Non-Load Bearing Partition Wall Top Connection

Non-Load Bearing Partition Wall Top Connection

(OP)
We have a project with non load bearing wood partition walls on and under wood trusses. We detailed the Simpson Connection that would support the wall out of plane, but had vertical slots to allow for deflection of the roof and floor trusses, so the non-load bearing walls would not become load bearing. The arch/contractor has come back and said this is not standard framing and want it removed from the drawings set. I know in a house you would just attached the non-load bearing wall. This is a 3 level multi use (retail, office and residential). What is your opinion on needing and/or using the vertically slotted top connectors for non-load bearing walls in what application and in what types of buildings. Thanks in advance.

RE: Non-Load Bearing Partition Wall Top Connection

I would defer to the truss manufacturer, who will likely require it. That way you aren't the bad guy...

Unless their trusses can handle the point load from the partition walls, and you have a load path below the partition walls that can handle it.

RE: Non-Load Bearing Partition Wall Top Connection

I would ask for it. Even if the truss manufacturer says they will design the truss for the third support point, you now have to design the floor framing to take that load.

RE: Non-Load Bearing Partition Wall Top Connection

I would not require the slide clips. The contractor is correct--this is not typical in wood construction. And if a non-load bearing partition tries to accept some load, is there really a problem? I have not heard of any issues (such as cracked GWB) in this type of structure.

DaveAtkins

RE: Non-Load Bearing Partition Wall Top Connection

I have seen too many small problems with multistory residential & commercial traced back to this specific detail (more properly lack of detail). I have even seen a couple of nasty failures (trussed roof & floors), requiring extensive repairs.
I would recommend you get the truss manufacturer involved. Between the two of you, the argument is MUCH better.

RE: Non-Load Bearing Partition Wall Top Connection

I will disagree; you absolutely need the truss clips at the top of the partition walls or some other way to brace the walls without letting them take load. This is very common for multilevel wood buildings in my area. You must brace your walls and they cannot be loaded up by the trusses. A single 2x4 stud in a partition wall cannot handle 3 levels of load, even with minimal tributary area. Woodworks has a seminar about this very issue and how to properly deal with it.

RE: Non-Load Bearing Partition Wall Top Connection

It is not common practice, but it is "best practice". The detail will prevent ceiling cracks due to differential movement, but it won't cause a failure.

Trusses won't really pick up the extra support since they don't have a node there. If a non bearing wall hits between 2 nodes in a bottom chord, the chord will flex and not transfer as much load.

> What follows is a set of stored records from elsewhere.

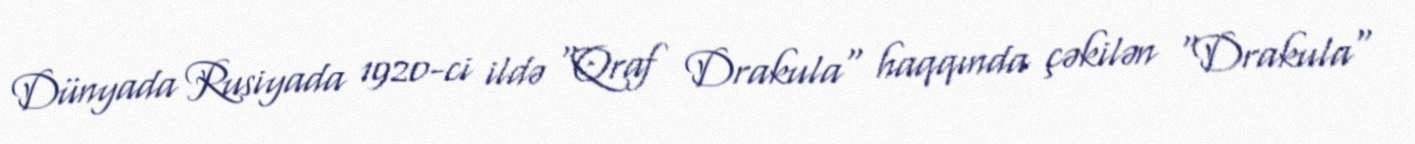
Dünyada Rusiyada 1920-ci ildə "Qraf Drakula" haqqında çəkilən "Drakula"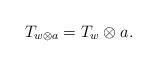
LaTeX: \begin{align*}T_{w\otimes a} = T_w \otimes a.\end{align*}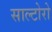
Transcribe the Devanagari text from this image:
साल्टोरो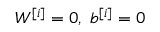
W ^ { [ i ] } = 0 , \ b ^ { [ i ] } = 0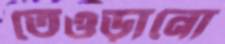
তেওড়ানো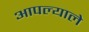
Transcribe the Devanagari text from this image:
आपल्याले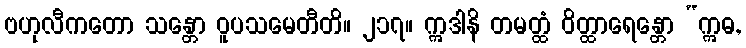
ဗဟုလီကတော သန္တော ဝူပသမေတီတိ။ ၂၁၇။ ဣဒါနိ တမတ္ထံ ဝိတ္ထာရေန္တော “ဣဓ,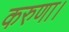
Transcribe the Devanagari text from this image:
करुणा।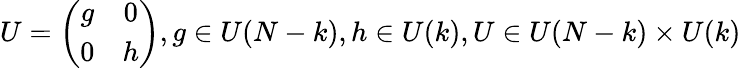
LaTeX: U=\left(\begin{array}{cc}{{g}}&{{0}}\\ {{0}}&{{h}}\end{array}\right),g\in U(N-k),h\in U(k),U\in U(N-k)\times U(k)
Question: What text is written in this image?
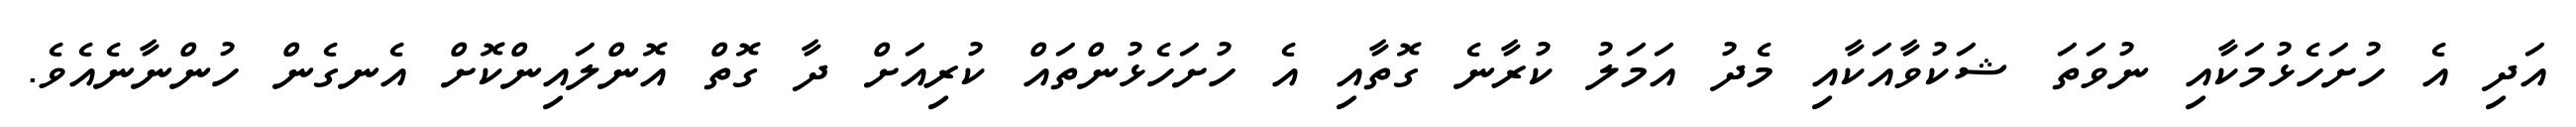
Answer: އަދި އެ ހުށަހެޅުމަކާއި ނުވަތަ ޝަކުވާއަކާއި މެދު އަމަލު ކުރާނެ ގޮތާއި އެ ހުށަހެޅުންތައް ކުރިއަށް ދާ ގޮތް އޮންލައިންކޮށް އެނގެން ހުންނާނެއެވެ.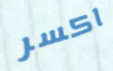
اكسر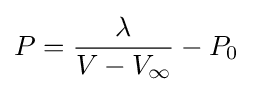
P={\frac {\lambda }{V-V_{\infty }}}-P_{0}

You can CYA by saying, "okay you don't have to do it, but don't come back to me with any drywall cracks in walls or ceilings".

When I am working on a problem, I never think about beauty but when I have finished, if the solution is not beautiful, I know it is wrong.

-R. Buckminster Fuller

RE: Non-Load Bearing Partition Wall Top Connection

I would leave it as you have it. Load goes to stiffness. The "non-load bearing wall" doesn't know that it's not load bearing. With all of that said, I agree with Manstrom, it's best practice. Sometimes in these situations I email the contractor (so it's in writing) that they can do it how they want to, but I would recommend the other way. Then, if anything ever happened (in a serviceability sense) then I would point to the email and say, I didn't recommend it, and it wasn't a life safety issue so I gave them the option. In my opinion, it puts the liability on the contractor, and I'm OK with that.

RE: Non-Load Bearing Partition Wall Top Connection

Some additional thoughts:

-In the past, I worked in a market in the US where the slip connections where unheard of. No problems.

-I now work in a market where the slip connections are common place. So I take advantage of that.

-I worked for the wood truss council of america for a while and the only reported problem that would crop up was roof trusses actually lifting connected walls up into the air. Nifty.

-I'm skeptical of the argument that says that bearing walls won't end up at points of truss stiffness. Walk through a building in progress and you'll see all kinds of situations where non-bearing walls fall within a foot or so of truss bottom chord panel points. With floor trusses, your panel points may only be 14" apart so it becomes quite impractical to try to dodge them.

-As structural engineers, we love do drone on about how wood structures are redundant in all kinds of miraculous ways that, thus far, remain unaccounted for. Gap your non-bearing walls and a lot of that redundancy goes away in my opinion. Just sayin'...

@Manstrom/njlutzwe: with these written disclaimer emails, are these situations where the contractor is also your client? I would hate to find myself having to explain to an owner/architect client why I gave the contractor the liberty of choosing a construction method that led to shabby building performance.


I like to debate structural engineering theory -- a lot. If I challenge you on something, know that I'm doing so because I respect your opinion enough to either change it or adopt it.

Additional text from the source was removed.